When a complete range of companies goes profitless and single-source to each other, all of their costs begin
dropping. The result is a synergy that could double or quadruple the GDP. The continuous construction of homes and other goods
at cost would accelerate the standard of living and provide continuous employment. The reduced consumer costs would make everyone
wealthy in the sense that they could live comfortably. Business taxes would also transfer to income taxes from increased employment,
and so would not be negatively affected. By putting production before profit on a national scale we would effectively be prioritising
poverty, which is the only cause worth pursuing in the modern world, and implicitly includes the control of all diseases,
social and otherwise.
In profitless capitalism only those who work are paid although everyone would be guaranteed subsistence.
The entire nation would ratchet itself up to a high standard of living without the drain on the economy produced by profiteering.

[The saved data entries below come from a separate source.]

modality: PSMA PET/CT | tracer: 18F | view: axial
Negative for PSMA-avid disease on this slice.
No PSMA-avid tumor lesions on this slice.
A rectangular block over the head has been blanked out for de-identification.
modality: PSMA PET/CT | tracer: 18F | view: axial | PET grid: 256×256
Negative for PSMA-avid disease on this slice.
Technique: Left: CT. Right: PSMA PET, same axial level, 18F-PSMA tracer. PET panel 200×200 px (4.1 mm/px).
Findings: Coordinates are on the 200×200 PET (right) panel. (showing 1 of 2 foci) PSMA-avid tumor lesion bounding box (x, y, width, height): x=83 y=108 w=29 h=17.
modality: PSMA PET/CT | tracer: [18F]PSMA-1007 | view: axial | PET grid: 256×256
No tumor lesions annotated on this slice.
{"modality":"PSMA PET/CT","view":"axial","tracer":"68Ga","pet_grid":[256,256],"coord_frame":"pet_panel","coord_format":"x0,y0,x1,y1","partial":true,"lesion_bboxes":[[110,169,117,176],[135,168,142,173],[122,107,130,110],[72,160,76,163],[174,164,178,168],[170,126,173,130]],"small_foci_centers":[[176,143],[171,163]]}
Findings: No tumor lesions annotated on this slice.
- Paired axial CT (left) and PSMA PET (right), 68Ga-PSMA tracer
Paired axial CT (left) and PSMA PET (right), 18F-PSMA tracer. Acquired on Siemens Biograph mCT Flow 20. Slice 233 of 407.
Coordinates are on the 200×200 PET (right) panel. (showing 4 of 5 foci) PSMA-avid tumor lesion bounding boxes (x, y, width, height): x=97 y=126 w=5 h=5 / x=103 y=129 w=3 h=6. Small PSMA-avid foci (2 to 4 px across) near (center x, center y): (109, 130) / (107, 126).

The rich could keep what they have, but they would no longer be paid for doing nothing. Without interest paid on loans or
capitalised funds being held in suspension, all available credit dollars would end up financing growth and production and
thereby keep employment universal.
The beauty of profitless capitalism is that it puts all the people to work directly for their own benefit.
Instead of the fruits of their labours being drained off as profits and diverted to useless enterprise, their efforts are
immediately and directly used for improving the quality of life. The people would be actively solving all of their most pressing
problems instead of sitting in stagnation. All of this from a simple shift of paradigm.

SUMMARY
Profit is the icon of the modern economic world, leaving the quality of life a casualty of mindless competition.
It's time for the Western World as de facto leader of the modern world, to consider abandoning capitalism and taking the first
step towards a future where the entire human race, not just the privileged minority, could be wealthy enough to solve our
more important problems. Perhaps until all diseases, social and otherwise, are cured, this should remain a non-profit world.
Since most of us are bonded into non-profit employment anyway, the only differences we'd notice would be of the profound kind.